An algorithm to “spacify” CamelCased strings

问题

Pretty basic, I'm just curious how others might implement this algorithm and would like to see if there are any clever tricks to optimize the algorithm...I just had to implement this for a project that I am working on.

Given a string in CamelCase, how would you go about "spacifying" it?

e.g. given FooBarGork I want Foo Bar Gork back.

Here is my algorithm in C#:


static void Main(string[] args)
{
    Console.WriteLine(UnCamelCase("FooBarGork"));
}
public static string UnCamelCase(string str)
{
    StringBuilder sb = new StringBuilder();
    for (int i =  0; i < str.Length; i++)
    {
        if (char.IsUpper(str, i) && i > 0) sb.Append(" ");
        sb.Append(str[i]);
    }
    return sb.ToString();
}

Since you have to visit every character once, I believe the best case is O(n). How would you implement this?

回答1:

I can already sense the flames, but I like regex for this kind of stuff.

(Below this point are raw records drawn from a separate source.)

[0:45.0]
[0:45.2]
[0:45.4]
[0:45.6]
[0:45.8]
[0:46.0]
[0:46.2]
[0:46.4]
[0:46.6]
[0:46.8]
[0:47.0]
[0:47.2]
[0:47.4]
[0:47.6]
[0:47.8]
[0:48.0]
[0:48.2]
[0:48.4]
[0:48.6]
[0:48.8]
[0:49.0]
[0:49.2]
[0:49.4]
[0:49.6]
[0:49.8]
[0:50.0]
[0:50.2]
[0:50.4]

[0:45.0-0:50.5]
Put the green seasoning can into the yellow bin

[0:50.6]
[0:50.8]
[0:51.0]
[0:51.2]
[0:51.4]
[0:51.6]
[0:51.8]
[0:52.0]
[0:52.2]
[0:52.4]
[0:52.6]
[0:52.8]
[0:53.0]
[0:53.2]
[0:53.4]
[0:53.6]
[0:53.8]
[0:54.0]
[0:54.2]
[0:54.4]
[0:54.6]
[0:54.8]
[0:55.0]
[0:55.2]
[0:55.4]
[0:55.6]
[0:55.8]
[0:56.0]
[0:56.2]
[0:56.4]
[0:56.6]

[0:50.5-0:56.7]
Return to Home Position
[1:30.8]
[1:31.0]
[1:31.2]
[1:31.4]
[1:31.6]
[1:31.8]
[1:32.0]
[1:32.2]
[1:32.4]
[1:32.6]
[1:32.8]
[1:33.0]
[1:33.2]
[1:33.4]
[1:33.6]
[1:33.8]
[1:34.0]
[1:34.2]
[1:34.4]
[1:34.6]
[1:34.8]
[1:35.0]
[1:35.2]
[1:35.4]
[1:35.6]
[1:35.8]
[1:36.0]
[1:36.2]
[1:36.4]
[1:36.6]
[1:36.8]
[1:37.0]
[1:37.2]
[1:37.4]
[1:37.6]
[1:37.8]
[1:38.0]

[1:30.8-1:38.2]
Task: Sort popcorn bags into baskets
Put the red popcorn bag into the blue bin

public static string UnCamelCase(string str)
{
    return Regex.Replace(str, "([a-z])([A-Z])", "$1 $2");
}

(This may not be faster than your implementation, but to me it is more clear.)

And obviously, this would be even faster (at runtime)

private static Regex _unCamelRegex = new Regex("([a-z])([A-Z])", RegexOptions.Compiled);

public static string UnCamelCase(string str)
{
    return _unCamelRegex.Replace(str, "$1 $2");
}

This would handle the issue brought up by Pete Kirkham below (as far as camel-cased strings like HTTPRequest):

private static Regex _unCamelRegex1 = new Regex("([a-z])([A-Z])", RegexOptions.Compiled);
private static Regex _unCamelRegex2 = new Regex("([A-Z]+)([A-Z])([a-z])", RegexOptions.Compiled);

public static string UnCamelCase(string str)
{
    return _unCamelRegex2.Replace(_unCamelRegex1.Replace(str, "$1 $2"), "$1 $2$3");
}

This one takes HTTPRequestFOOBarGork and returns HTTP Request FOO Bar Gork

So I tested the iterative method against the regular expression method using the OPs implementation (with the 'start at 1 and skip the > 0 check' change) and my second reply (the one with the static compiled Regex object). Note that the results do not include the compilation time of the Regex. For 2 million calls (using the same FooBarGork input):

Iterative: 00:00:00.80
Regex: 00:00:06.71

So it is obvious that the iterative approach is much more efficient. I've included a fixed version of the OPs implementation (as suggested by Jason Punyon, any credit should go to him) that also takes into account a null or empty argument:

public static string UnCamelCaseIterative(string str)
{
    if (String.IsNullOrEmpty(str))
        return str;

    /* Note that the .ToString() is required, otherwise the char is implicitly
     * converted to an integer and the wrong overloaded ctor is used */
    StringBuilder sb = new StringBuilder(str[0].ToString());
    for (int i = 1; i < str.Length; i++)
    {
        if (char.IsUpper(str, i))
            sb.Append(" ");
        sb.Append(str[i]);
    }
    return sb.ToString();
}

回答2:

Why not start i at 1?

You'll get to eliminate the && i>0 check...

回答3:

Usually my decamelisation methods are a bit more complex, as "HTTPRequest" should become "HTTP Request" rather than "H T T P Request", and different applications handle digits differently too.

回答4:

And here's a PHP example

function spacify($str) {
  return preg_replace('/([a-z])([A-Z])/', "\1 \2", $str);
}

回答5:

Looking at your code, it seems that it's somehow been mangled (when you copied it over perhaps). Apart from fixing the for loop, I assume you're just missing an if statement with a char.IsUpper call around the sb.Append(" ") bit. Otherwise it's all fine of course. You're not going to get any better than O(n) for a generic string.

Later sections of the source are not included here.